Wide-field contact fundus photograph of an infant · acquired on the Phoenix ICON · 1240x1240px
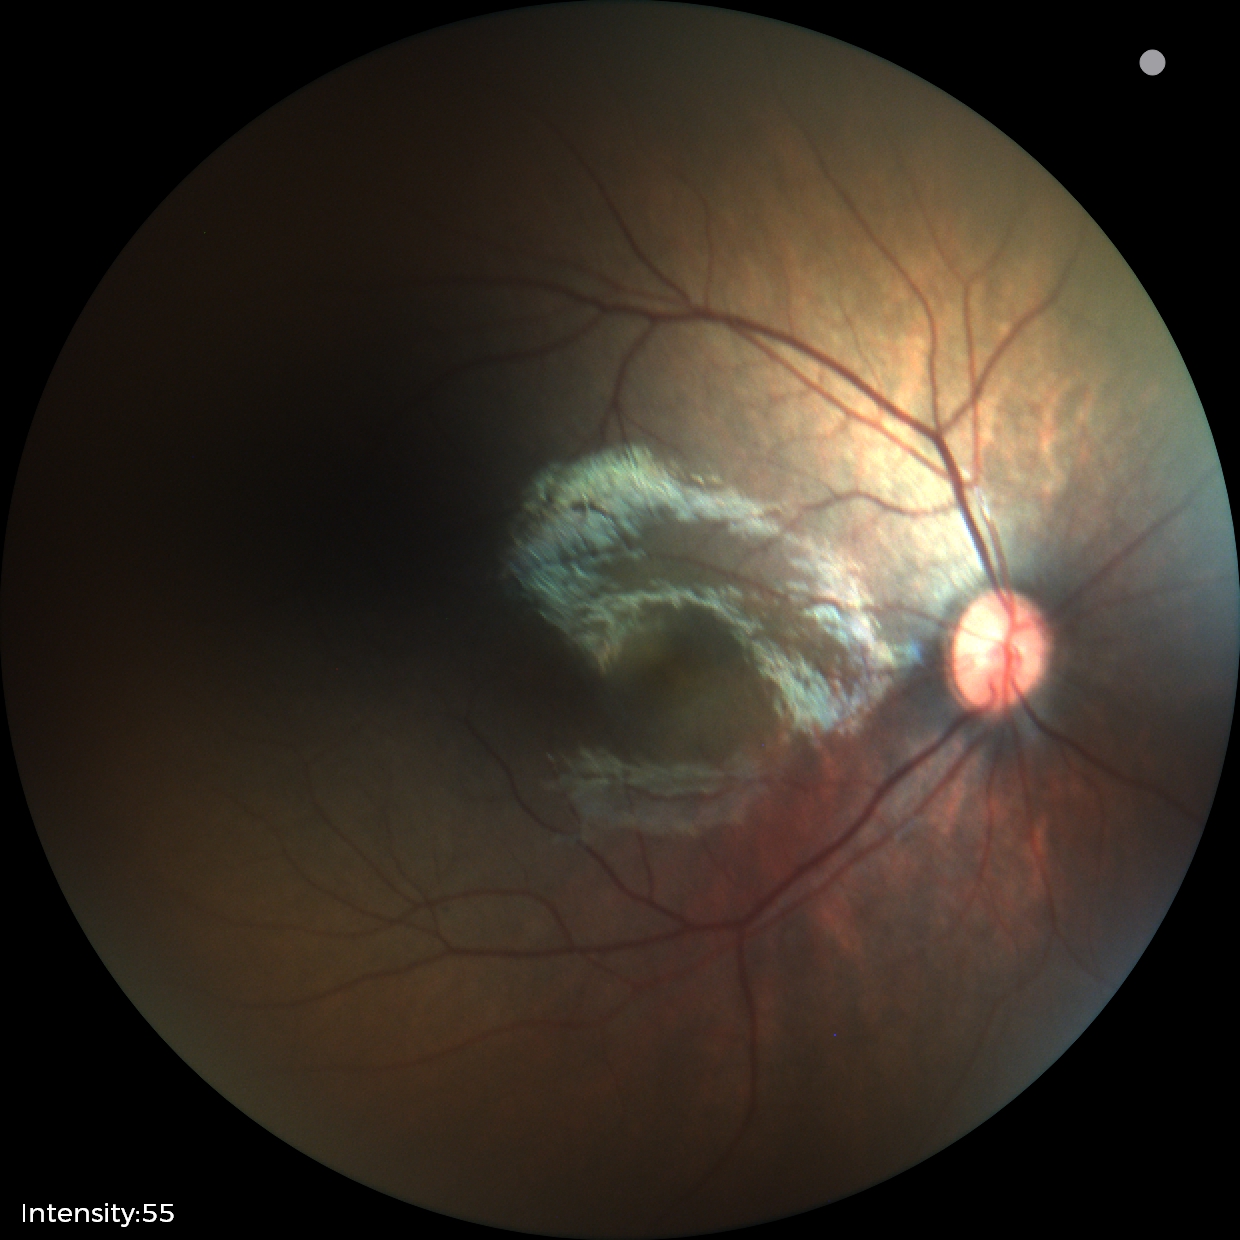 Assessment: physiological finding.
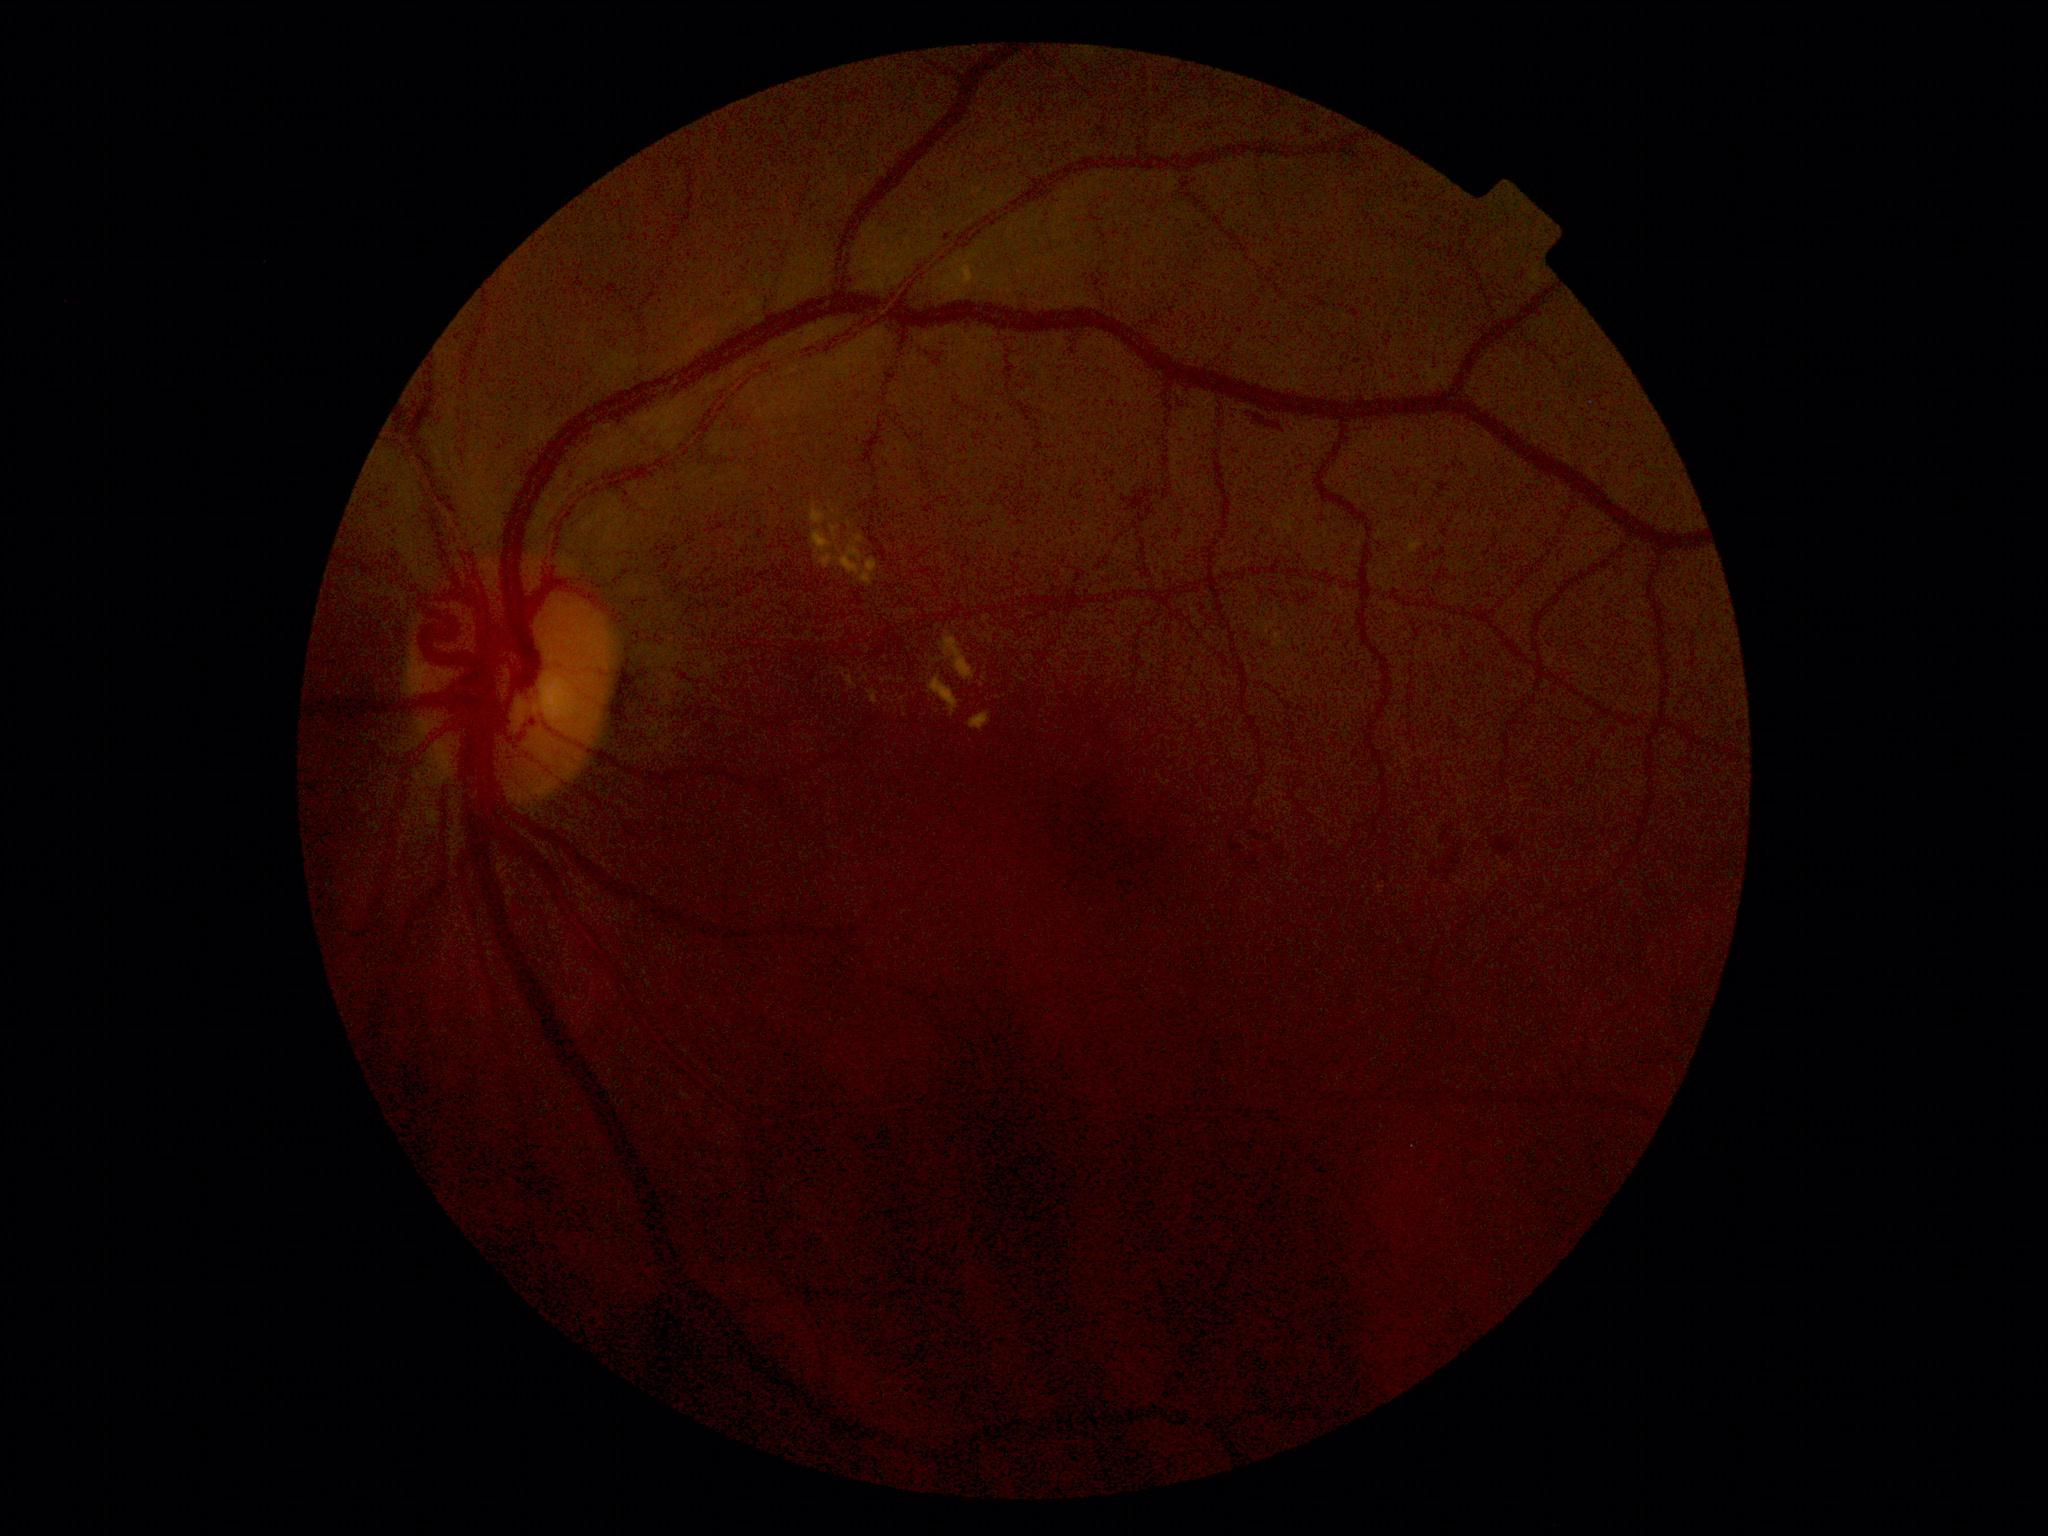
{"dr_grade": "2"}
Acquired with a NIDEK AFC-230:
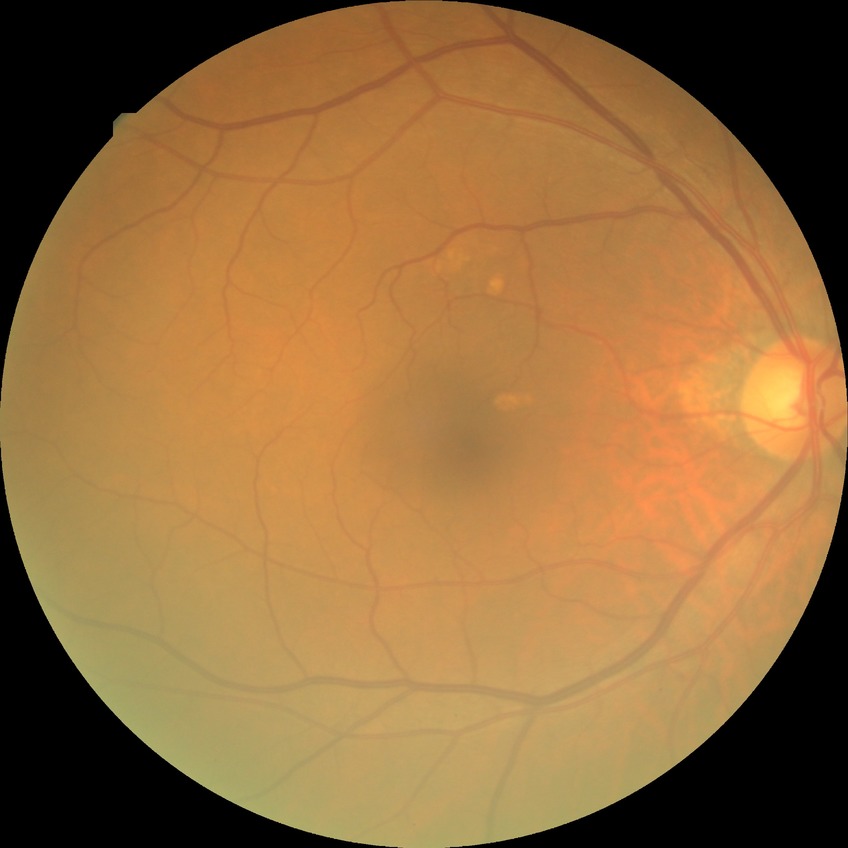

■ ■ ■ ■ ■ ■ ■

● PROBLEM REQUIREMENTS:
In copying the material, drop all pictures and keep everything else identical.

● TASK OUTPUT:
Wide-field contact fundus photograph of an infant · acquired on the Phoenix ICON · 1240x1240px
 Assessment: physiological finding.
{"dr_grade": "2"}
Acquired with a NIDEK AFC-230:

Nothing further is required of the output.